What to produce: Set down all of the data exactly. Pictures stay out of the copy.

Extracted entries:
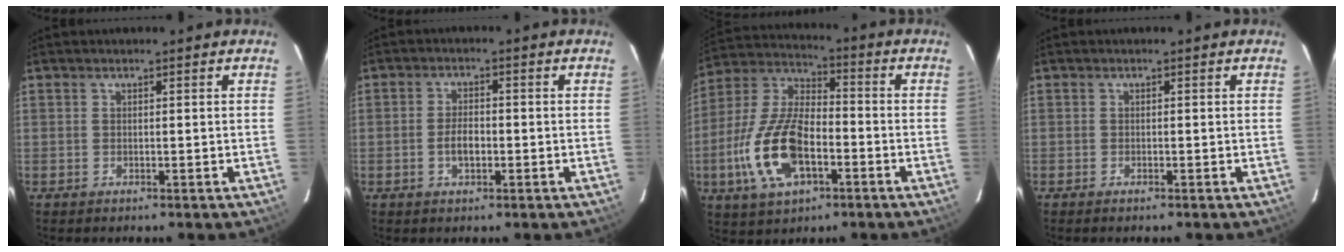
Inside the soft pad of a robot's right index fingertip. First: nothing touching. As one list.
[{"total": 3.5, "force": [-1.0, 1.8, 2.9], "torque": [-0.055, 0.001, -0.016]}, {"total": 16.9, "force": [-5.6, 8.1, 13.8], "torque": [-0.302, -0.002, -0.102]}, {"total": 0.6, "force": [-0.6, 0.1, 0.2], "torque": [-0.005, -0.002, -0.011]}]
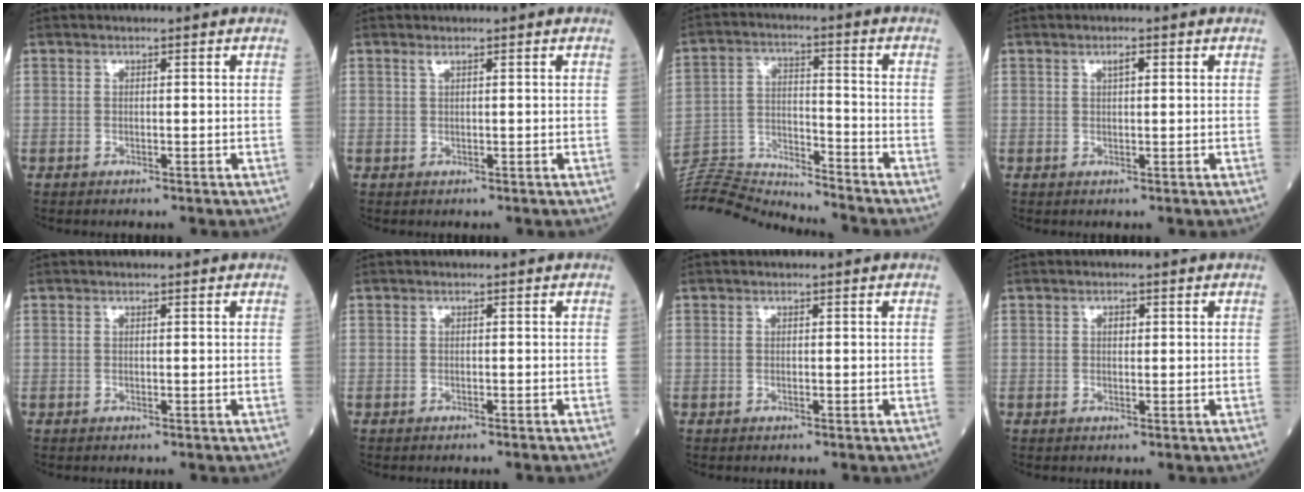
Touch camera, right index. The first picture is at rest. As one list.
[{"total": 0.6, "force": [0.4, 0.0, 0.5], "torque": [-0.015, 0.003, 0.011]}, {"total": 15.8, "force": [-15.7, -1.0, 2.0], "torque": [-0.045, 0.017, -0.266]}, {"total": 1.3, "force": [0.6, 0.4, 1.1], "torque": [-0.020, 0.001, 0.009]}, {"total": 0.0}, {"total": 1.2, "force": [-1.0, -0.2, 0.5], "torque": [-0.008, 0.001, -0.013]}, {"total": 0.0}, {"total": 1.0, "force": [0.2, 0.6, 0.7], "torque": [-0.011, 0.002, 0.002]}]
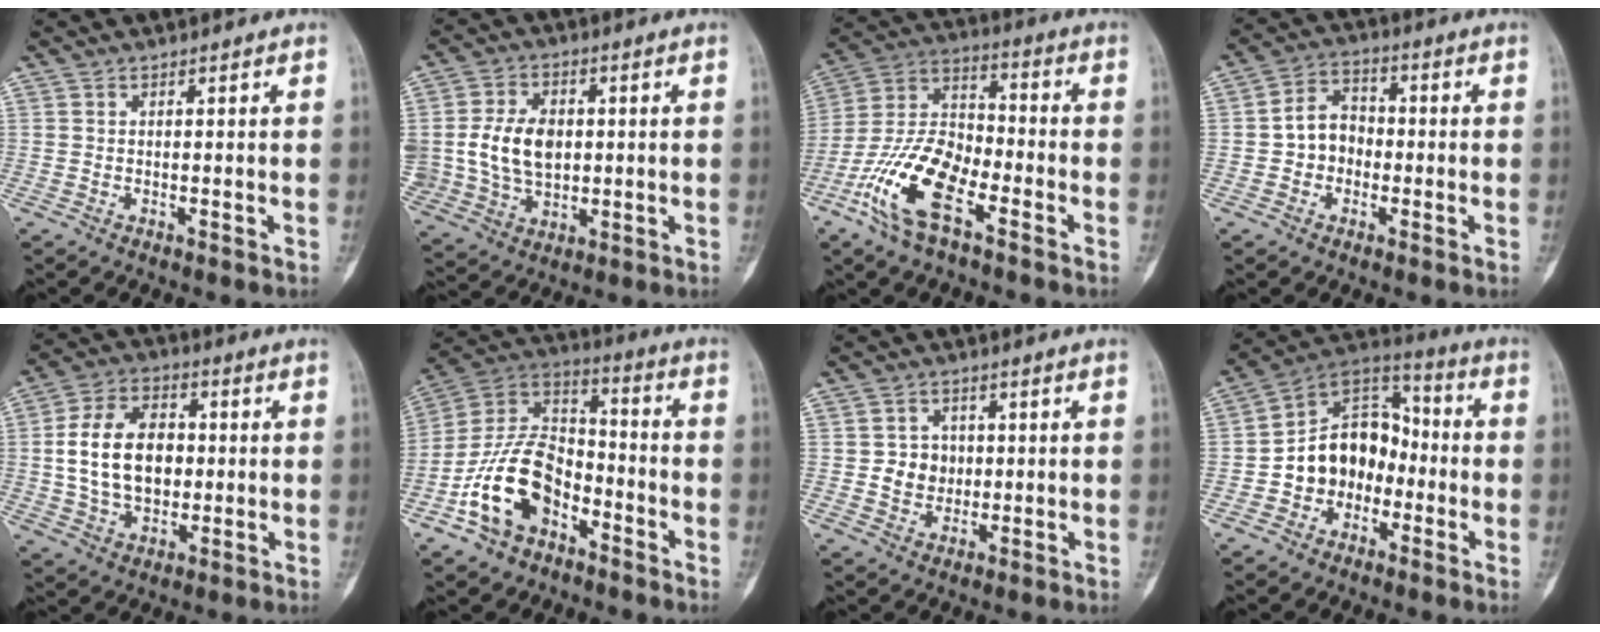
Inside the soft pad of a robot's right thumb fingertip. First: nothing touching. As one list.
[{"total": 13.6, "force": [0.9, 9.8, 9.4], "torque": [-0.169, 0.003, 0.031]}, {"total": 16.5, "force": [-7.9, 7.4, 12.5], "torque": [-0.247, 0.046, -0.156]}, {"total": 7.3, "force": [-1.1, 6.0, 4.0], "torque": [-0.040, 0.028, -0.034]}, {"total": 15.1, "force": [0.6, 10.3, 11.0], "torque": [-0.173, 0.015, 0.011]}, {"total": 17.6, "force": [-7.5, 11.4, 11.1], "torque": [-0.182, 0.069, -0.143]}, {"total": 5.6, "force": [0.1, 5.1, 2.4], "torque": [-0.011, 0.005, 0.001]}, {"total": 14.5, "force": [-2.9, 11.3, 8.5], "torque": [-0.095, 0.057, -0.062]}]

Answer:
Inside the soft pad of a robot's right index fingertip. First: nothing touching. As one list.
[{"total": 3.5, "force": [-1.0, 1.8, 2.9], "torque": [-0.055, 0.001, -0.016]}, {"total": 16.9, "force": [-5.6, 8.1, 13.8], "torque": [-0.302, -0.002, -0.102]}, {"total": 0.6, "force": [-0.6, 0.1, 0.2], "torque": [-0.005, -0.002, -0.011]}]
Touch camera, right index. The first picture is at rest. As one list.
[{"total": 0.6, "force": [0.4, 0.0, 0.5], "torque": [-0.015, 0.003, 0.011]}, {"total": 15.8, "force": [-15.7, -1.0, 2.0], "torque": [-0.045, 0.017, -0.266]}, {"total": 1.3, "force": [0.6, 0.4, 1.1], "torque": [-0.020, 0.001, 0.009]}, {"total": 0.0}, {"total": 1.2, "force": [-1.0, -0.2, 0.5], "torque": [-0.008, 0.001, -0.013]}, {"total": 0.0}, {"total": 1.0, "force": [0.2, 0.6, 0.7], "torque": [-0.011, 0.002, 0.002]}]
Inside the soft pad of a robot's right thumb fingertip. First: nothing touching. As one list.
[{"total": 13.6, "force": [0.9, 9.8, 9.4], "torque": [-0.169, 0.003, 0.031]}, {"total": 16.5, "force": [-7.9, 7.4, 12.5], "torque": [-0.247, 0.046, -0.156]}, {"total": 7.3, "force": [-1.1, 6.0, 4.0], "torque": [-0.040, 0.028, -0.034]}, {"total": 15.1, "force": [0.6, 10.3, 11.0], "torque": [-0.173, 0.015, 0.011]}, {"total": 17.6, "force": [-7.5, 11.4, 11.1], "torque": [-0.182, 0.069, -0.143]}, {"total": 5.6, "force": [0.1, 5.1, 2.4], "torque": [-0.011, 0.005, 0.001]}, {"total": 14.5, "force": [-2.9, 11.3, 8.5], "torque": [-0.095, 0.057, -0.062]}]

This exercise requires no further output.